Table 3 Multivariable model for predictors of postoperative organ failure

Comparison with EuroSCORE II

The AUROC of time to reach the peak of microcirculatory flow during iontophoresis of ACh (0.681 [0.545–0.818]) and the AUROC of EuroSCORE II to predict occurrence of organ injury at 48 h were close (0.675 [0.539–0.812]) (Fig. 3). The multivariable model had higher predictive capabilities (0.869 [0.779–0.958]) than EuroSCORE II.

Safety and feasibility

No adverse events and no incidents linked to preoperative microcirculatory evaluation were reported.

Discussion

In this prospective cohort study, preoperative endothelial dysfunction, assessed by iontophoresis of ACh, was associated with postoperative organ injury (i.e., a SOFA score at 48 h > 3) in patients scheduled for cardiac surgery using CPB. Patients with delayed peak of endothelium-dependent vasodilation (> 105 s) had three times more organ dysfunction at 48 h. The time to reach the peak during iontophoresis of SNP was moderately correlated with the time to the peak during iontophoresis of ACh. However, endothelial independent vasodilation, assessed by iontophoresis of SNP was not significantly associated with organ injury at 48 h. This finding suggests that preoperative endothelium-dependent response [15] provides incremental information about the postoperative course and may be related to the pathogenesis of postoperative outcomes. This result was supported by the significant correlation found between the time to reach the peak during iontophoresis of ACh and severity of illness indicators, confirming the clinical impact of organ injury on these indicators.

Several preoperative factors associated with organ injury (i.e., a SOFA score at 48 h > 3) in univariable analysis are well-known predictors of worse outcomes in cardiac surgical population. The actual validated and commonly used risk score in cardiac surgery in Europe, EuroSCORE II, was significantly higher in patients with organ injury and patients with delayed peak at iontophoresis of ACh.
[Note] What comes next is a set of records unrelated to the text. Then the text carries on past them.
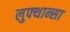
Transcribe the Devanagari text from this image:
लुफ्थान्सा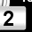
Digit: 2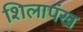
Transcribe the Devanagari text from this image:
शिलापंख

In our multivariable model, a longer time to reach the peak during iontophoresis of ACh was an independent factor significantly associated with organ injury (Table 3). After iontophoresis was integrated into the multivariable model, the AUROC was substantially higher than the EuroSCORE II. Thus, the microcirculation evaluation seems to provide additional information compared to the medical conditions or conventional EuroSCORE II risk score. This result supports a role of endothelial function in the risk of postoperative organ injury. Based on this result, a larger study on integration of preoperative microcirculation in a prognostic model could be designed.
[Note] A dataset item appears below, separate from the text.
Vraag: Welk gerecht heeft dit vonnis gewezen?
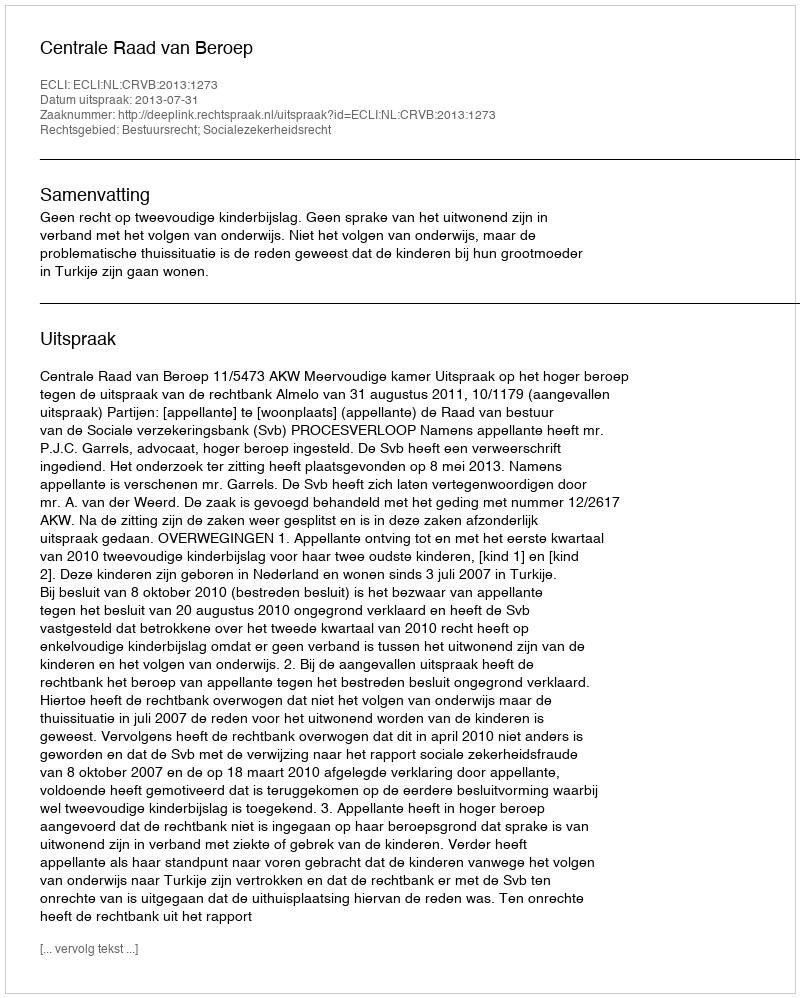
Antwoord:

Iontophoresis of ACh had been widely used to assess microvascular endothelial-dependent vasodilation [15]. Iontophoresis showed impairment of vasodilation in patients with type 2 diabetes, coronary artery disease and obstructive sleep apnea [26, 27]. These results are concordant with the potential value of using iontophoresis of ACh to identify of a preoperative microcirculatory frailty state in patients with some chronic diseases. In clinical practice, LSCI is recognized as an excellent tool to estimate burn depth and its value in predicting the healing capacity of a burn wound is well established [28]. LSCI is also useful for classification and follow-up of systemic sclerosis [29, 30].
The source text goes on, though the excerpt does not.